The problem: sparse positives per batch

SmoothAPLoss estimates Average Precision by comparing every positive in the pool against every other sample. At a 1% positive rate with a batch size of 32, you expect about 0 or 1 positives per batch. A pool of 1–2 positives produces a near-zero AP estimate with essentially no gradient signal.

The memory queue solves this by accumulating past batches. With a queue_size=1024 and a batch size of 32, the total pool is ~1056 samples, yielding ~10 positives at a 1% rate — enough for a stable AP estimate.

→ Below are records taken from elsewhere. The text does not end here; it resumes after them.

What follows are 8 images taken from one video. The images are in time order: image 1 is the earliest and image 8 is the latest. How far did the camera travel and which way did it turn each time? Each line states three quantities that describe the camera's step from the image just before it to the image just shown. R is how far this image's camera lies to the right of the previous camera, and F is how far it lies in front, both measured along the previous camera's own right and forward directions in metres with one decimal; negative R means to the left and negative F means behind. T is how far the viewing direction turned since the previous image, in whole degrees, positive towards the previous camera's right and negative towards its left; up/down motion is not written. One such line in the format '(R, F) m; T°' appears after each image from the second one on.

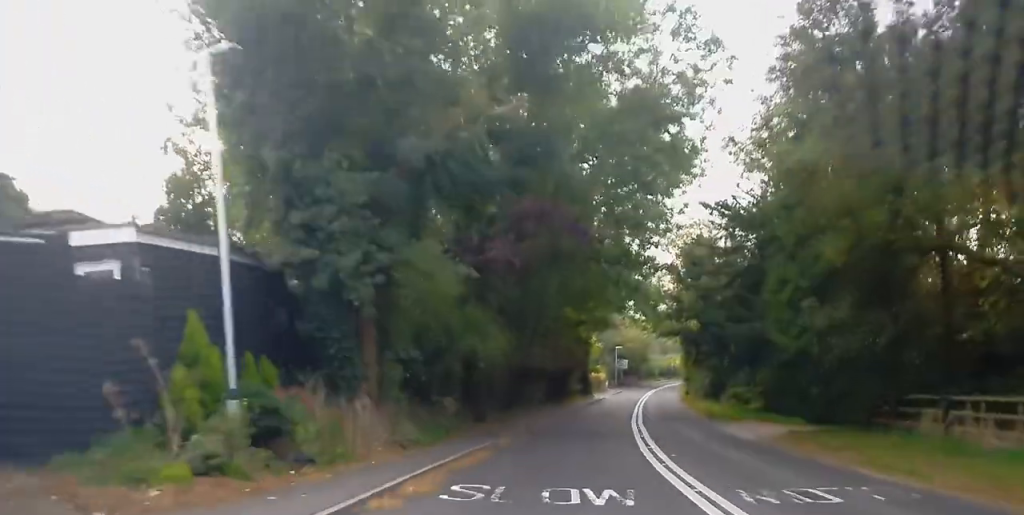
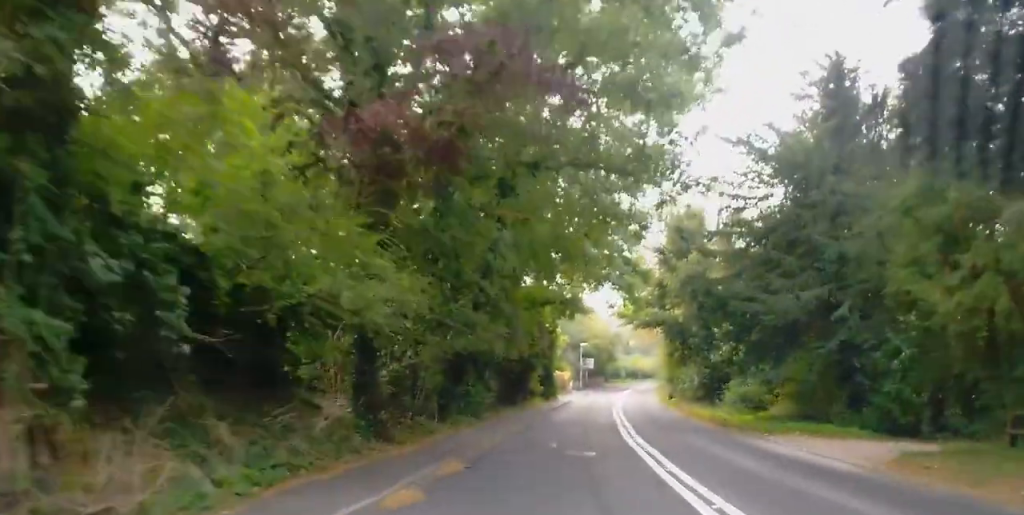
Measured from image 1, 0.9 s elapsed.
(0.0, +10.1) m; +2°
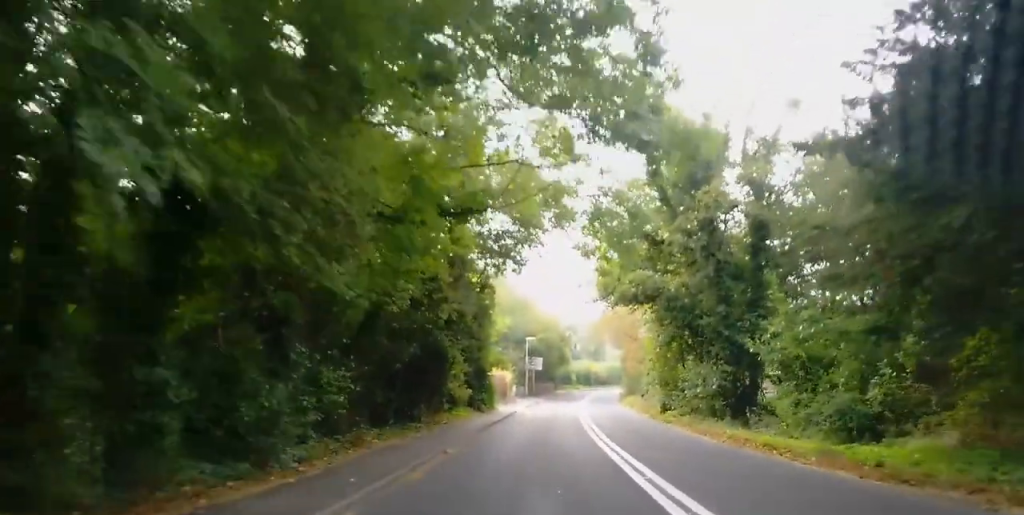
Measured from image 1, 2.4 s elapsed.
(+0.4, +17.3) m; +3°
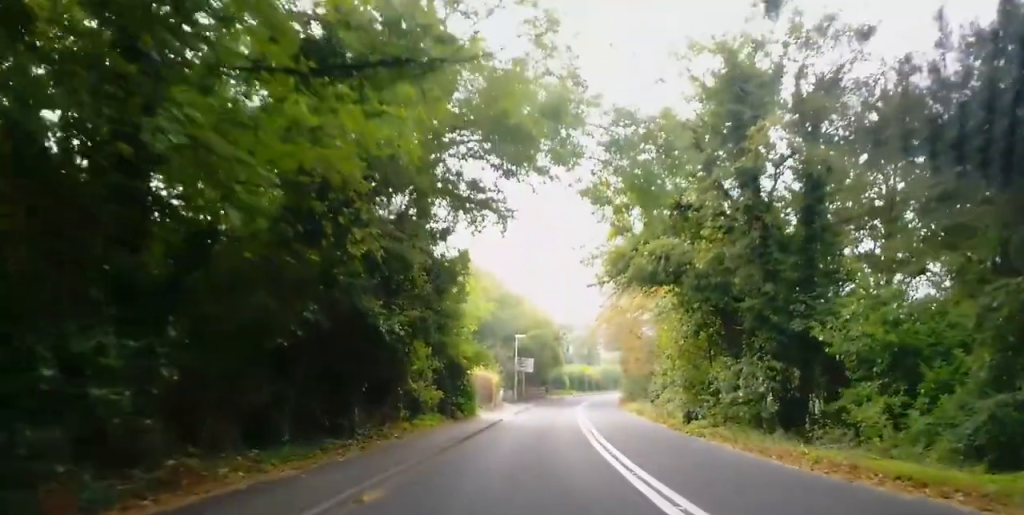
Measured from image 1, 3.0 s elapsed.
(+0.1, +7.1) m; +2°
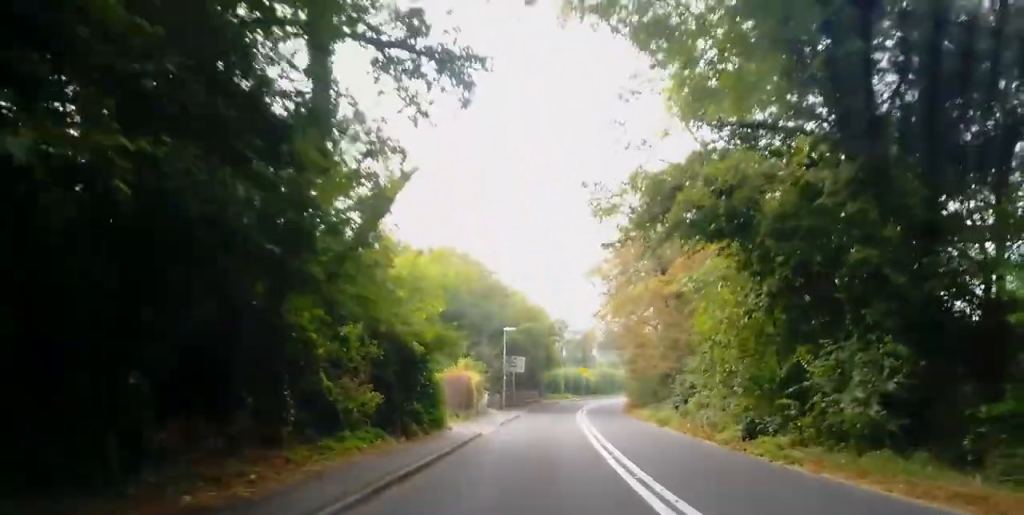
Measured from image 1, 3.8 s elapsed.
(+0.3, +8.7) m; +3°
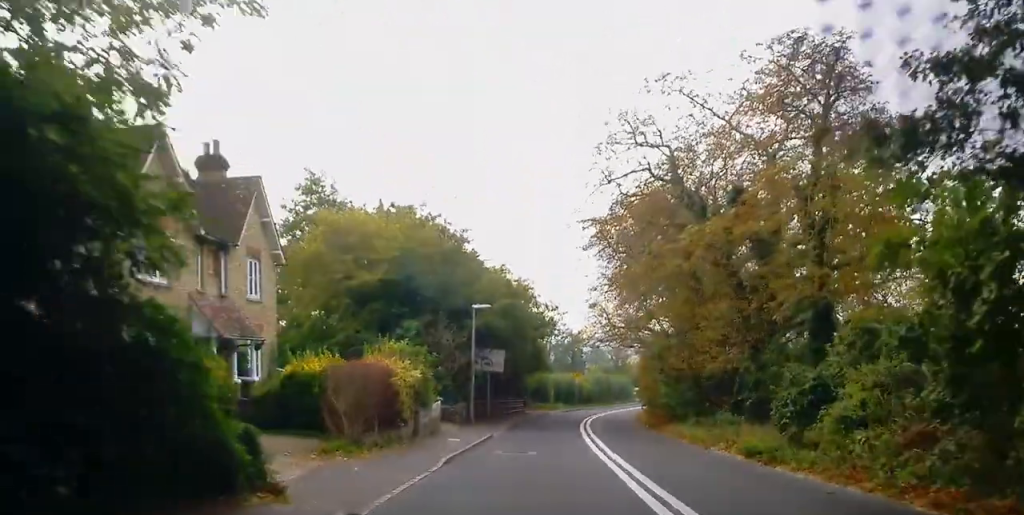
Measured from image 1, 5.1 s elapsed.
(+0.4, +15.2) m; +1°
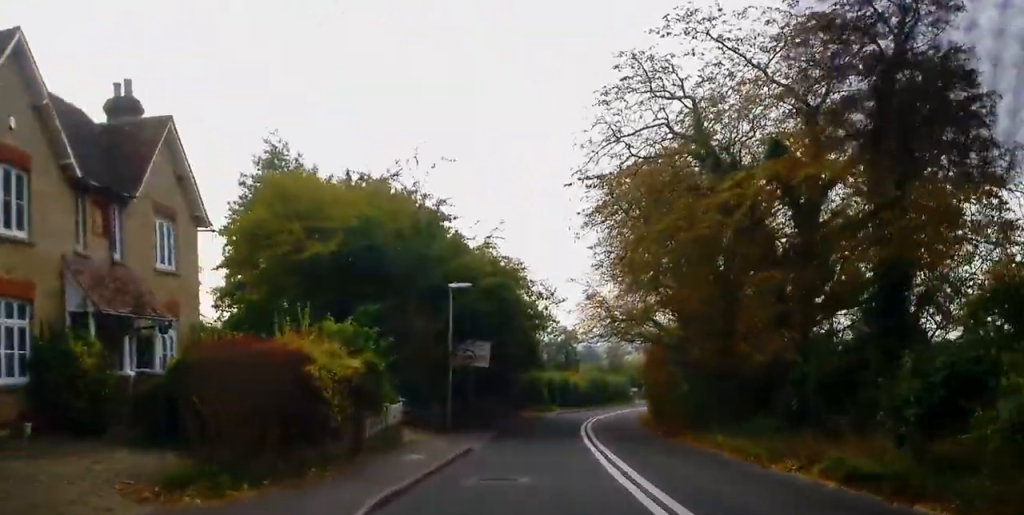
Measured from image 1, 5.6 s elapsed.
(0.0, +6.1) m; 0°
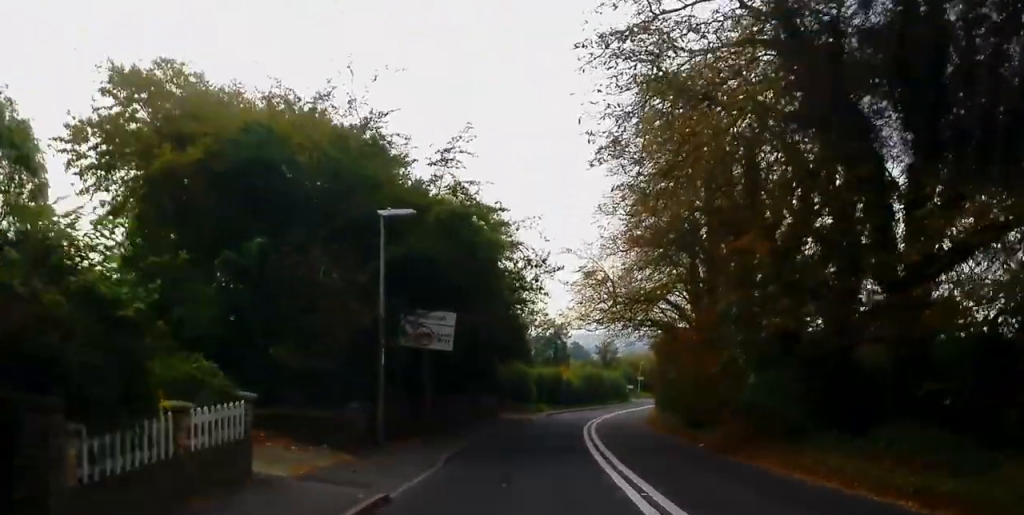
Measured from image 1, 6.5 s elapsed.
(0.0, +10.0) m; +1°

How the circular buffer works

The queue is a fixed-size circular buffer of (logits, targets) rows. On every training forward pass:

  1. The live batch is appended to the queue contents to form the full pool
  2. AP or recall is computed on the full pool
  3. The live batch is written into the queue, overwriting the oldest entries

Queue entries are stored detached — no gradient flows through queued logits. Gradients only flow through the live batch's portion of the pool. This is important: you cannot backpropagate through historical logits that were computed by a previous version of the model.

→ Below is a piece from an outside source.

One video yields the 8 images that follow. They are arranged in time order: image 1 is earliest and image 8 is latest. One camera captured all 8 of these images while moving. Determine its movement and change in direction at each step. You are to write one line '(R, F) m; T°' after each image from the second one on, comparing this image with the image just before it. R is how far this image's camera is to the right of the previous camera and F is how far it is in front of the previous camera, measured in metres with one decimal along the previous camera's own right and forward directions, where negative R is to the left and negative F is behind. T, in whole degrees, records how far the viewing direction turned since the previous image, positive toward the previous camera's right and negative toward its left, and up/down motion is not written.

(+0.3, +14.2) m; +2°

Why detaching queue logits is correct

At first this seems like it would bias the soft-rank computation: the rank of a live positive is estimated relative to a pool that includes stale, detached logits. In practice this bias is small because:

  1. The queue rotates, so entries are never more than queue_size / batch_size steps old
  2. Soft ranks are a sum over the pool, so the live-batch contribution is fully differentiable
  3. The queue mainly provides a reference distribution for the rank, not a gradient signal

This is the same reasoning used in MoCo-style contrastive learning, where negative key embeddings are also kept in a queue with detached gradients.

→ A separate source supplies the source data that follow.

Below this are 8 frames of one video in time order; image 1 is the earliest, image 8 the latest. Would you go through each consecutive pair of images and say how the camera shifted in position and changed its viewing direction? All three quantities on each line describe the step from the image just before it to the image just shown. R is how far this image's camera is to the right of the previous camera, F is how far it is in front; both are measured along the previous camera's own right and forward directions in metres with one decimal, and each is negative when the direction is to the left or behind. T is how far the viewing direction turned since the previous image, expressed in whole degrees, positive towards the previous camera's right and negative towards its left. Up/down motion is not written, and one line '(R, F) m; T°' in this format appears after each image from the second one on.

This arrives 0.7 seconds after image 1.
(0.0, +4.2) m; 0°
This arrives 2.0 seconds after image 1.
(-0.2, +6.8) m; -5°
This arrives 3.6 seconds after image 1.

Queue poisoning and the phase switch

When LossWarmupWrapper switches from BCE warmup to AP loss, the queue contains logits from a model trained with BCE. These "warmup-era" logits may have a very different score distribution than the AP-phase model — the ranking statistics are meaningless.

If these stale entries remain in the queue, the AP loss computes ranks relative to a corrupted reference distribution for the first queue_size / batch_size batches of the AP phase.

LossWarmupWrapper prevents this by automatically calling main_loss.reset_queue() at the exact step of the phase switch. After reset, the queue fills with AP-phase logits over the next few batches before the full pool is used.

When to reset manually

  • Between training and validation: loss_fn.reset_queue() before the val loop prevents training logits from appearing in val-phase AP estimates
  • After changing model architecture or checkpoint
  • When reset_queue_each_epoch=True in LossWarmupWrapper is set — useful when the model changes significantly epoch-to-epoch and stale logits would bias ranking

Queue size vs. pool size limits

The core AP computation is O(|P| × M) where M = batch + queue. At low positive rates this is closer to O(|P| × M) than O(M²), but M still has a practical upper limit of ~4096 for reasonable training step times on a single GPU. At a 0.5% positive rate with M=4096, you get ~20 positives — a comfortable signal.

DDP queue synchronization

In distributed training, every worker calls all_gather before passing to the loss. This means every worker sees the same global batch and enqueues the same data. No explicit queue synchronization across workers is needed — they are identical by construction.